Dataset records:
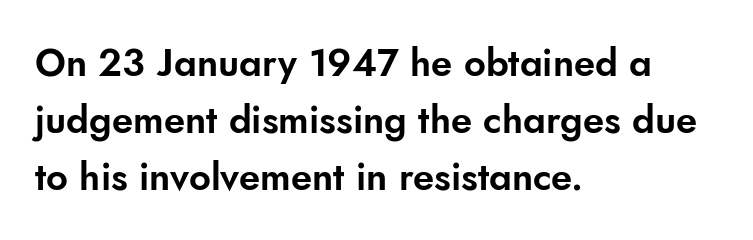
How are the letters spaced? Ordinarily, with no added tracking. The rendering uses natural spacing where letterforms have individual widths. Descenders hang freely into open space. A sans-serif font was chosen for this passage. Every row of glyphs begins at an identical x-position on the left. Does the lettering tilt? It doesn't — this is upright.
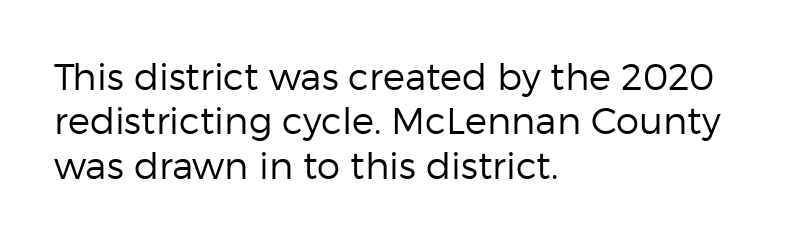
The image shows 37 px regular-weight sans-serif type, upright; set left-aligned, line spacing 1.2x, normal letter spacing, not underlined; low stroke contrast and a medium x-height.
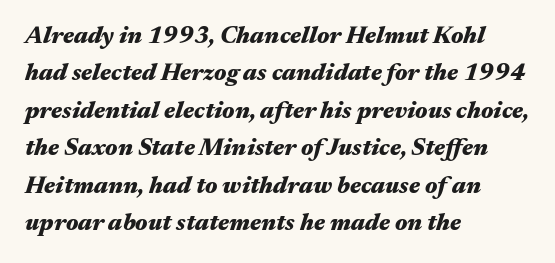
The image shows 24 px bold type, italic (leaning right); set left-aligned, normal line spacing (1.56x), normal letter spacing, not underlined.
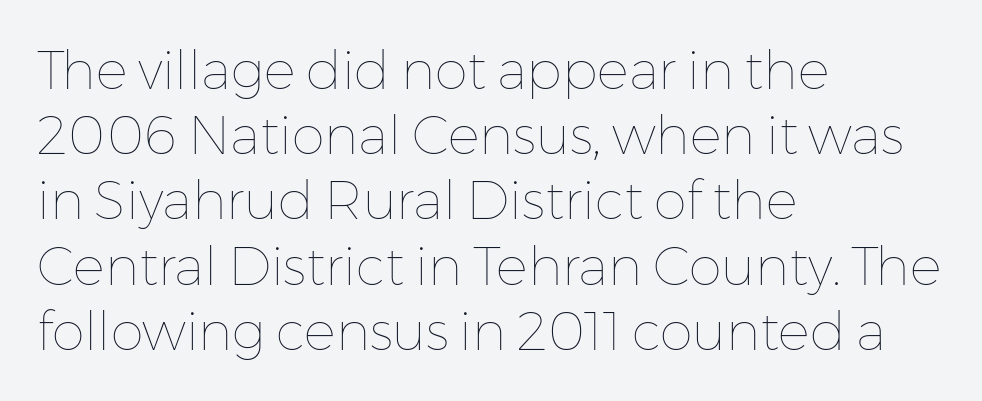
Q: Is the text bold? A: No.
Q: Is the text italic (slanted)? A: No, it is upright.
Q: Is the text underlined? A: No.
Q: How is the paragraph aligned? A: Left-aligned.
Q: Is the spacing between letters normal or unusually wide? A: Normal.
Q: Width (condensed, normal, or wide)? A: Normal.
Q: Stroke contrast? A: Low.
Q: x-height? A: Medium.
Q: Monospaced? A: No.
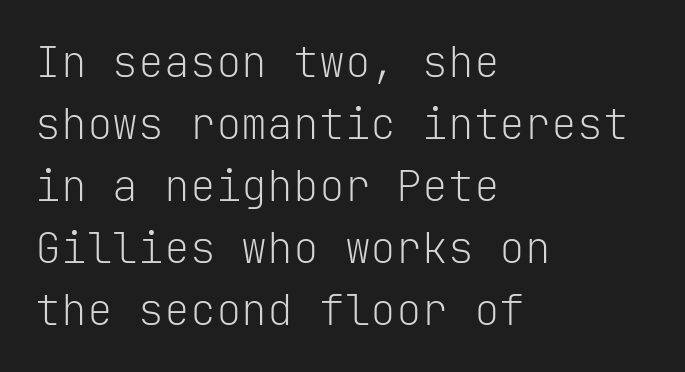
The characters display no serif detailing; their extremities are plain. No heavy texture on the line: the type isn't bold. Style check: upright. Tracking here is standard; glyphs follow each other at the usual distance. The ragged edge is on the right, which tells us the setting is flush left. Think of a typewriter: that constant character pitch is what you see here.
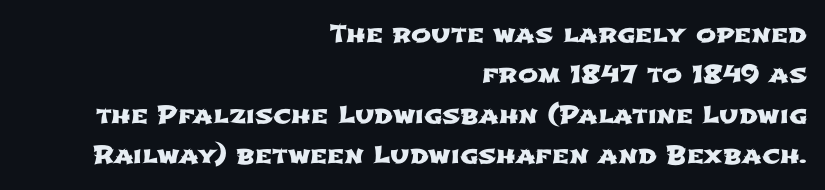
The image shows 24 px text type; set right-aligned, normal line spacing (1.68x), normal letter spacing, not underlined.
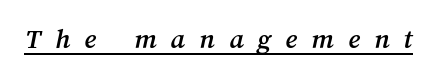
{"width": "normal", "stroke_contrast": "medium", "x_height": "medium", "monospaced": "no", "underline": "yes", "letter_spacing": "wide", "letter_spacing_em": 0.49, "glyph_px": 29}
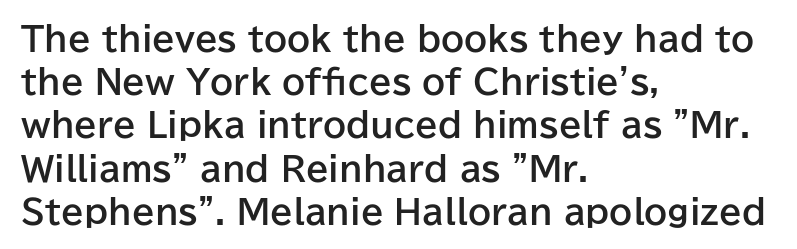
The image shows 33 px bold sans-serif type, upright; set left-aligned, normal line spacing (1.31x), normal letter spacing, not underlined; low stroke contrast and a medium x-height.
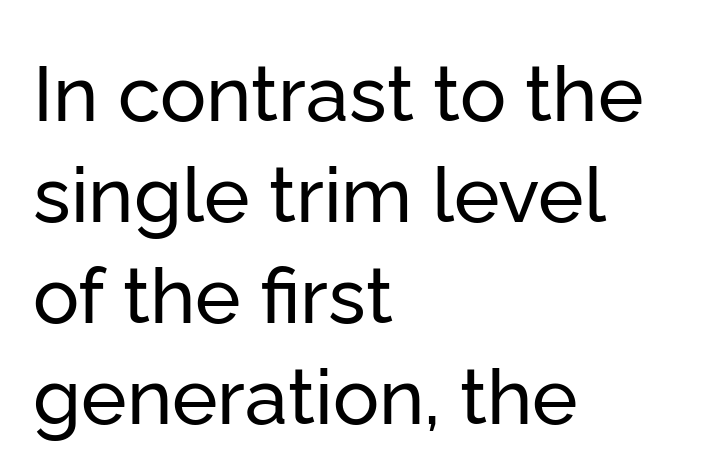
Q: Is the text italic (slanted)? A: No, it is upright.
Q: Is the typeface a serif or a sans-serif typeface? A: Sans-serif.
Q: Is the text underlined? A: No.
Q: How is the paragraph aligned? A: Left-aligned.
Q: Is the spacing between letters normal or unusually wide? A: Normal.
Q: Is the spacing between lines tight, normal or loose? A: Normal.
Q: Width (condensed, normal, or wide)? A: Normal.
Q: Stroke contrast? A: Low.
Q: x-height? A: Medium.
Q: Monospaced? A: No.
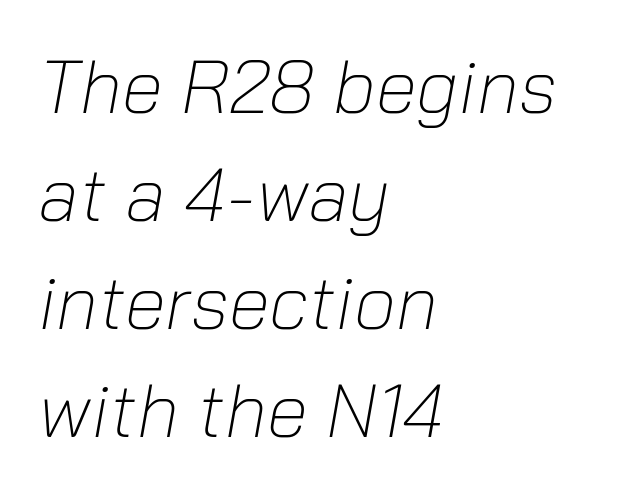
The passage shown is typed in a proportional face where columns would drift. Characters are canted at an angle relative to the baseline's perpendicular. Quick note: underline off. Which margin do the lines hug? The left one — the right edge is uneven.
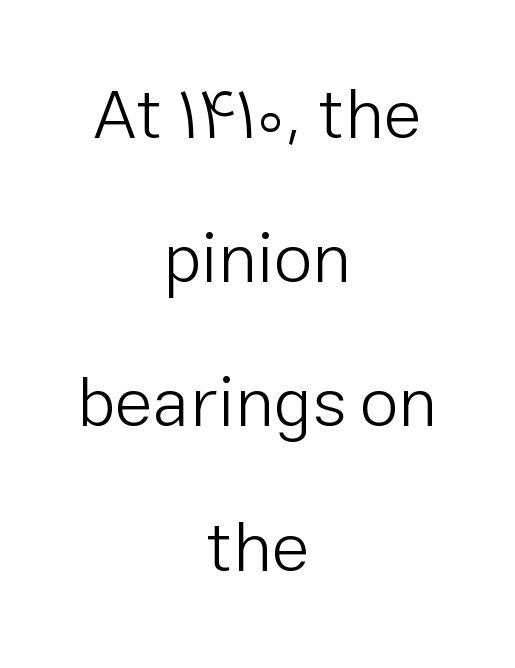
{"serif": "no", "italic": "no", "bold": "no", "weight": "light", "width": "normal", "stroke_contrast": "low", "x_height": "medium", "monospaced": "no", "underline": "no", "align": "center", "line_spacing": "loose", "line_spacing_ratio": 2.06, "letter_spacing": "normal", "letter_spacing_em": 0.0, "glyph_px": 70}
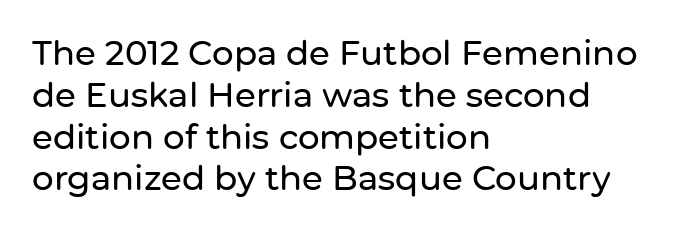
The image shows 34 px sans-serif type, upright; set left-aligned, line spacing 1.23x, normal letter spacing, not underlined; low stroke contrast and a medium x-height.
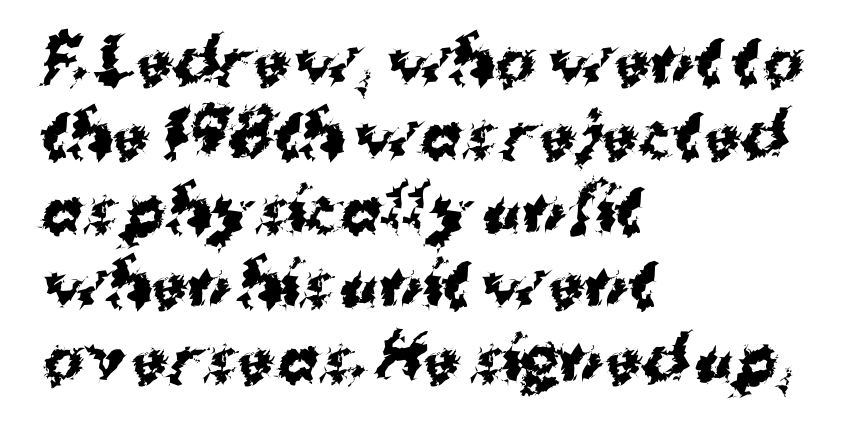
The rendering uses a bold face; every stroke is thick and dark. These lines are composed in type without serifs. Characters follow at the spacing the type designer built in. A bare baseline throughout the passage. Is this a fixed-width face? No — the glyphs have proportional, varying widths.
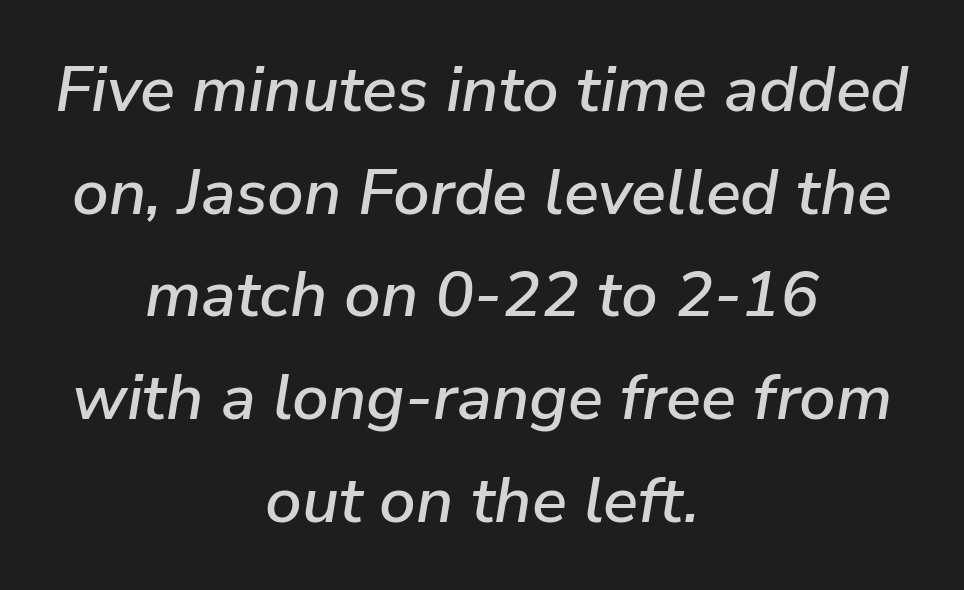
Each letter keeps its own natural width here, so spacing adapts to shape. Spacing between characters is what you'd get straight out of the box. Quick note: underline off. Teacher's note: observe the equal gaps on both sides — that is centered alignment.
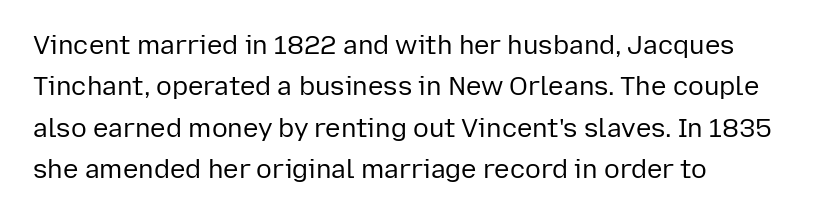
{"italic": "no", "bold": "no", "underline": "no", "align": "left", "line_spacing": "normal", "line_spacing_ratio": 1.59, "letter_spacing": "normal", "letter_spacing_em": 0.0, "glyph_px": 26}
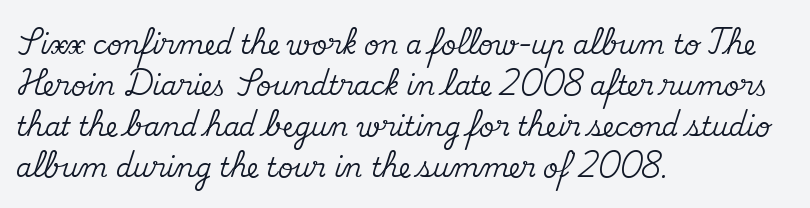
{"underline": "no", "align": "left", "line_spacing": "normal", "line_spacing_ratio": 1.58, "letter_spacing": "normal", "letter_spacing_em": 0.0, "glyph_px": 26}
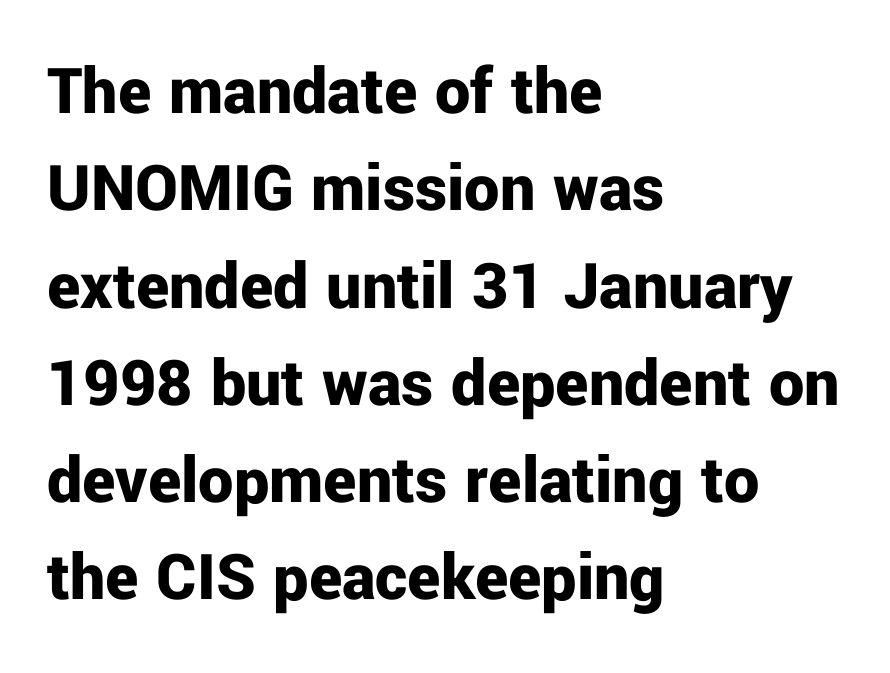
{"serif": "no", "italic": "no", "bold": "yes", "weight": "bold", "width": "normal", "stroke_contrast": "low", "x_height": "medium", "monospaced": "no", "underline": "no", "align": "left", "line_spacing": "normal", "line_spacing_ratio": 1.39, "letter_spacing": "normal", "letter_spacing_em": 0.0, "glyph_px": 70}
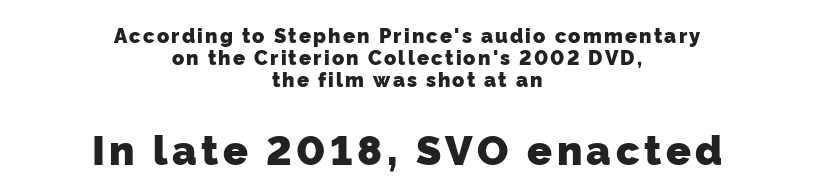
{"serif": "no", "bold": "yes", "weight": "heavy", "width": "normal", "stroke_contrast": "low", "x_height": "medium", "monospaced": "no", "underline": "no", "align": "center", "line_spacing": "tight", "line_spacing_ratio": 1.1, "larger_block": "second", "size_ratio": 2.05, "glyph_px": 41}
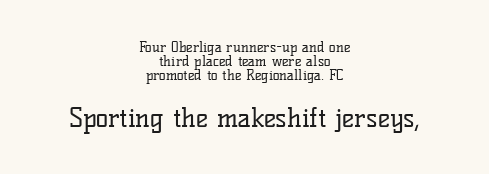
Every character sits straight up, as roman type does. Inter-character spacing is left at the font's built-in metrics. The gap between lines stays unmarked. Each line is balanced around a shared central axis.
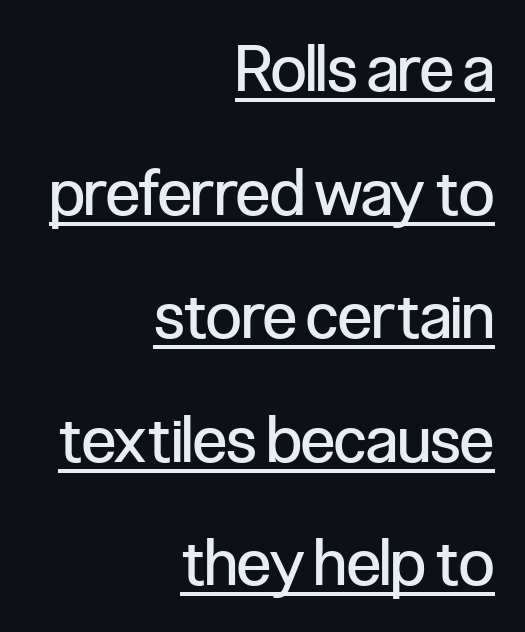
The characters display no serif detailing; their extremities are plain. The letterforms sit shoulder to shoulder at normal distance. The rendering uses natural spacing where letterforms have individual widths. No heavy texture on the line: the type isn't bold. The lettering stays uniformly vertical, giving the passage a roman look. The ragged edge is on the left, which tells us the setting is flush right.
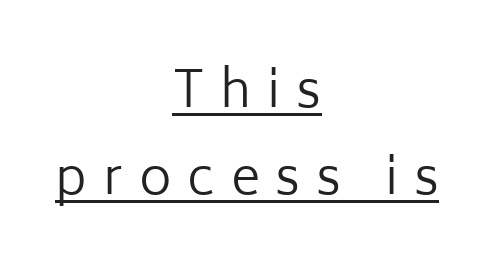
Type style note: lacks serifs. You can see a thin bar hugging the bottom of the glyphs. Ordinary non-slanted type is in use. Does extra space separate the letters? Yes, quite a lot of it. Is the block centered? Yes — each line is placed symmetrically about the middle. Looks like regular typesetting: each glyph gets only the width it needs.
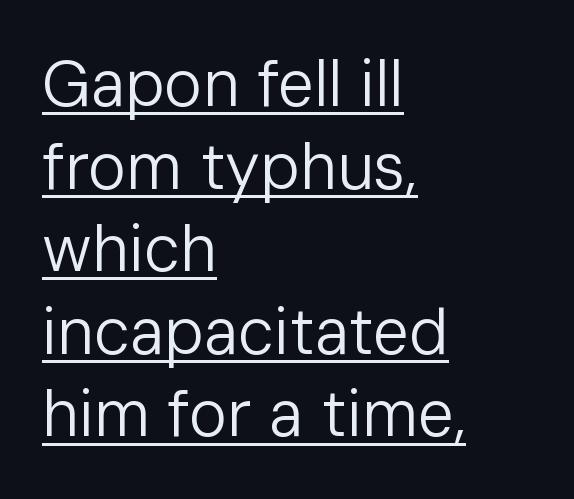
This is sans-serif lettering, the kind often seen on screens and signage. These characters rest on top of a visible drawn line. This is not heavy type; no bold has been used. Posture: upright roman. A student would call this left alignment; a typographer would say flush left, rag right. Whoever set this chose a conventional vertical rhythm.

Required action: Return the lines of the records that include the string "extremities".

Solution to this exercise:
The characters display no serif detailing; their extremities are plain. No heavy texture on the line: the type isn't bold. Style check: upright. Tracking here is standard; glyphs follow each other at the usual distance. The ragged edge is on the right, which tells us the setting is flush left. Think of a typewriter: that constant character pitch is what you see here.
The characters display no serif detailing; their extremities are plain. The letterforms sit shoulder to shoulder at normal distance. The rendering uses natural spacing where letterforms have individual widths. No heavy texture on the line: the type isn't bold. The lettering stays uniformly vertical, giving the passage a roman look. The ragged edge is on the left, which tells us the setting is flush right.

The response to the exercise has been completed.